Back in 2009 when the first virtual coin, Bitcoin, came on the scene, very few people knew what to make of this new currency. Some said it was the wave of the future, while others said it would never catch on.
The person who allegedly created the Bitcoin, Satoshi Nakamoto said (shortly after its release), “It might make sense just to get some in case it catches on. If enough people think the same way, that becomes a self-fulfilling prophecy. Once it gets bootstrapped, there are so many applications if you could effortlessly pay a few cents to a website as easily as dropping coins in a vending machine.”
Not only did this new virtual currency catch on, but it spread like wildfire. Within five years of its release, over 31 million transactions had taken place, with over 25 million people using the currency. Even though few people really understood the programming behind this virtual currency, the fact that it could be traded, bought and sold just like any other currency, made bitcoin an exciting prospect for early traders.
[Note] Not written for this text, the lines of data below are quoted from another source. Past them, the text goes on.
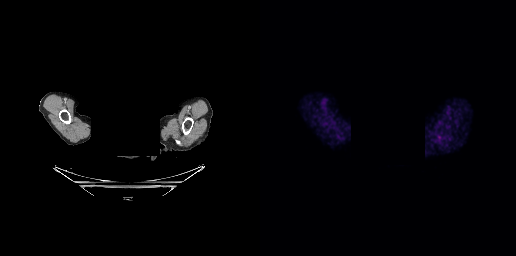
This slice has no annotated PSMA-avid lesion.
Facial anatomy redacted by setting a rectangular region of the head to black.
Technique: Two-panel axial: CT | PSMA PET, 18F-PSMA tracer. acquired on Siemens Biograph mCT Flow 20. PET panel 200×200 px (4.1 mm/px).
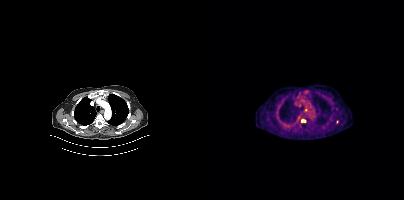
Findings: Coordinates are on the 200×200 PET (right) panel. (showing 2 of 3 foci) Small PSMA-avid foci (2 to 4 px across) near (center x, center y): (102, 109) / (99, 121).
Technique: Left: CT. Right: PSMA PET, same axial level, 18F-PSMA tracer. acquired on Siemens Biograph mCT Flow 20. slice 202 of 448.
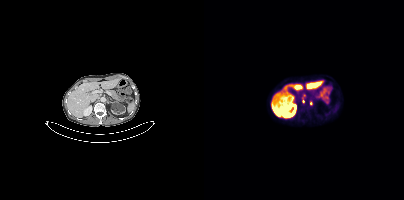
Findings: Coordinates are on the 200×200 PET (right) panel. (showing 1 of 4 foci) Small PSMA-avid focus (2 to 4 px across) near (center x, center y): (98, 98).
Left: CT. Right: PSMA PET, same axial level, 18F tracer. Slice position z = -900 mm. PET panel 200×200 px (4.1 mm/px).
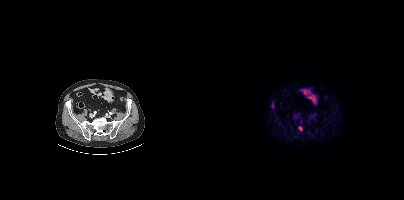
Coordinates are on the 200×200 PET (right) panel. PSMA-avid tumor lesion bounding box (x0, y0)-(x1, y1): (95, 126)-(98, 130).
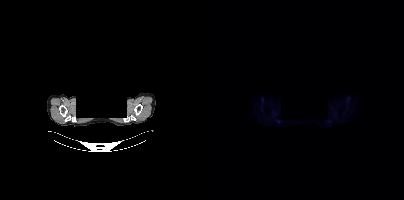
Negative for PSMA-avid disease on this slice. Face de-identified by blanking a block of the head. Two-panel axial: CT | PSMA PET, [18F]PSMA-1007 tracer. Acquired on Siemens Biograph mCT Flow 20.
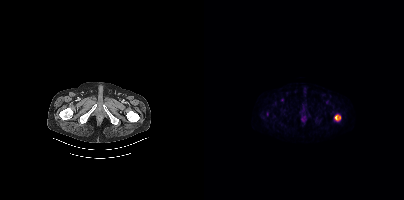
Coordinates are on the 200×200 PET (right) panel. PSMA-avid tumor lesion bounding boxes:
| # | x0 | y0 | x1 | y1 |
|---|---|---|---|---|
| 1 | 131 | 115 | 136 | 120 |
Small PSMA-avid focus (2 to 4 px across) near (center x, center y): (78, 100).
Left: CT. Right: PSMA PET, same axial level, 18F-PSMA tracer. PET panel 200×200 px (4.1 mm/px).
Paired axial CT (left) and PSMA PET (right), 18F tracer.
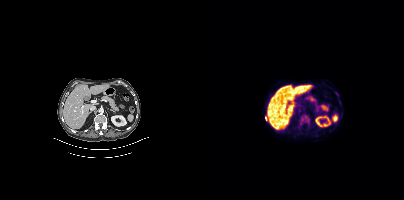
Coordinates are on the 200×200 PET (right) panel. PSMA-avid tumor lesion bounding box (x, y, width, height): x=96 y=114 w=10 h=11. Small PSMA-avid focus (2 to 4 px across) near (center x, center y): (61, 118).
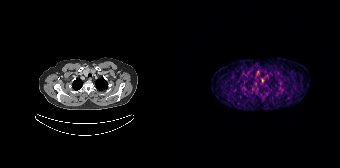
{"modality":"PSMA PET/CT","view":"axial","tracer":"68Ga-PSMA","pet_grid":[168,168],"coord_frame":"pet_panel","coord_format":"x0,y0,x1,y1","partial":true,"lesion_bboxes":[]}
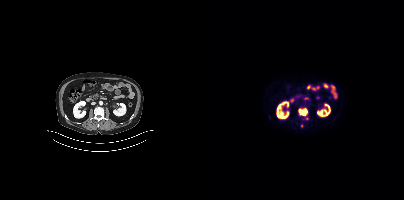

Within seven years of its release, many merchants jumped on the bitcoin wagon, including Fiverr.com, Overstock.com, and many other online merchants. Even some bars and restaurants are now accepting bitcoins! As a matter of fact, you can buy just about anything with bitcoin. You can even make purchases from Amazon and Ebay by using All4btc, which is a kind of go-between that lets you order from practically anywhere on the web.
What really makes Bitcoin so popular, however, is the fact that anyone can create their own Bitcoins. The only drawback is that mining – the process of creating bitcoins – requires a significant amount of computer power. Many bitcoin miners, however, will work with other users to create “mining pools.” This allows them to collectively create new blocks and then split the Bitcoins.
Another thing that makes bitcoins so exciting is the ever-fluctuating value of the bitcoin. When bitcoin was first released, it was valued at 1BTC (Bitcoin) = 1USD (U.S. Dollar). As its popularity grew, the value of Bitcoin rose until, at one time, 1BTC was worth almost as much as 1oz of Gold! This meant, if you bought Bitcoins from the beginning, you would have seen a 1000% return on our investment. Bitcoin values, however, have decreased over time and seem to have steadied themselves at 1BTC = around 600USD. At the time of this writing, according to Preev.com, the exact value of 1BTC is 603.2 USD.
How to know which virtual coins will catch on
While most investors don’t foresee any dramatic movement in the Bitcoin market, that doesn’t mean that you’ve missed the boat if you didn’t purchase Bitcoins when they were cheaper. Fortunately, new virtual currencies are being created just about every day. Most of these coins may never see any action, but there are a few notable ones. The likes of Litecoin (created by Charles Lee in 2011); Peercoin (created by Scott Nadal and Sunny King in 2012); or OneCoin, created by Dr. Ruja Ignatova in 2014 may be as much of a virtual goldmine as Bitcoin was in the first few years of its existence!
The trick is to find the “movers,” or the virtual coins that seem to be catching on. You don’t want to buy them when they have already reached their peak value, however. One of the best ways to find newer virtual coin markets that show signs of movement is by watching the market, through sites like coinmarketcap.com, which tracks virtual currency movements and display them via graphs. You can also keep an eye out for new virtual currencies, by going to Reddit, which has its community of users that discuss new Cryptocurrencies every day!
If you have your eye on the market and you keep your ear out for new opportunities, you are bound to find some new virtual coin that may just be the goldmine you’ve been looking for. All you have to do is find them and mine them! Happy Mining!